Predictors of substantial improvement in physical function six months after lumbar surgery: is early post-operative walking important? A prospective cohort study.
Study Goal
The researchers aimed to determine whether post-operative walking time, along with other variables, predicts substantial improvement in physical function six months after lumbar surgery.
Results Summary
Participants who walked more in the first post-operative week were more likely to have substantially improved function at six months.
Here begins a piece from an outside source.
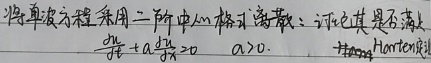
将单波方程采用二阶中心格式离散：  证明其是否满足
\(\frac{\partial f}{\partial t}+a \frac{\partial f}{\partial x}=0\quad a > 0\).  Hong Hamiltonian

Other predictors of improved function included shorter pre-operative pain duration, lower pre-operative function, and younger age.
Population
Adults undergoing lumbar surgery (discectomy, decompression, fusion).
Effective Dosage
Not specified
Duration
Walking time was measured in the first post-operative week; outcomes were assessed at six months.
Interactions
None mentioned
| Intervention | Direction | Endpoint | Population | Dosage | Impact | Claim # |
|---|---|---|---|---|---|---|
increased walking time in the first post-operative week | increase | function on the Oswestry Disability Questionnaire at six months | Participants undergoing lumbar surgery (discectomy, decompression, fusion) | OR 1.18, 95%CI 1.02-1.37 | were more likely to have substantially improved function | #1 |
- | increase | function on the Oswestry Disability Questionnaire at six months | participants with < 12 months pre-operative pain | OR 2.71, 95%CI 1.28-5.74 | were more likely to have substantially improved function | #2 |
- | increase | function on the Oswestry Disability Questionnaire at six months | those with lower pre-operative function | OR 4.02, 95%CI 2.33-6.93 | were more likely to have substantially improved function | #3 |
- | increase | SF-36 Physical Component Summary | Age < 65 years | OR 2.36, 95%CI 1.14-4.85 | predicted substantial improvement | #4 |
- | increase | SF-36 Physical Component Summary | participants with < 12 months pre-operative pain | OR 3.52 95%CI 1.69-7.33 | predicted substantial improvement | #5 |
- | no change | leg pain | Participants undergoing lumbar surgery | - | no significant predictors for substantial improvement | #6 |
- | no change | back pain | Participants undergoing lumbar surgery | - | no significant predictors for substantial improvement | #7 |
BACKGROUND: Resuming walking after lumbar surgery is a common focus of early post-operative rehabilitation, however there is no knowledge about whether increased walking is associated with better functional outcomes. This study aimed to determine whether time spent walking in the week after lumbar surgery, along with co-morbidities, pre-operative pain duration, pre-operative physical activity or function, or surgical variables predict substantial improvement in physical function six months after lumbar surgery. METHODS: A prospective cohort study design was utilized. Participants undergoing lumbar surgery (discectomy, decompression, fusion) were recruited between April and November 2016. Predictor variables were collected pre-operatively (age, sex, smoking status, obesity, diabetes, depression, anxiety, pre-operative pain duration, neurological deficit, physical activity levels, mobility restriction, function) and early post-operatively (post-operative walking time, surgical procedure, single/multi-level surgery). Outcome variables (physical function, back pain and leg pain severity) were measured pre-operatively and six-months post-operatively. Logistic regression analysis was used to establish prediction of substantial improvement in outcome at six months. RESULTS: Participants (N = 233; 50% female; age 61 (SD = 14) years) who walked more in the first post-operative week were more likely to have substantially improved function on the Oswestry Disability Questionnaire at six months (OR 1.18, 95%CI 1.02-1.37), as were participants with < 12 months pre-operative pain (OR 2.71, 95%CI 1.28-5.74), and those with lower pre-operative function (OR 4.02, 95%CI 2.33-6.93). Age < 65 years (OR 2.36, 95%CI 1.14-4.85), and < 12 months pre-operative pain (OR 3.52 95%CI 1.69-7.33) predicted substantial improvement on the SF-36 Physical Component Summary. There were no significant predictors for substantial improvement in either leg or back pain. CONCLUSIONS: Walking time in the week after lumbar surgery is one of several predictors of substantial improvement in function at six months. Further research is required to determine whether intervention designed to increase walking early after lumbar surgery results in improved longer-term recovery of function. TRIAL REGISTRATION: Australian New Zealand Clinical Trials Registry (ANZCTR), registration number 12616000747426 . Retrospectively registered on the 7th of June 2016.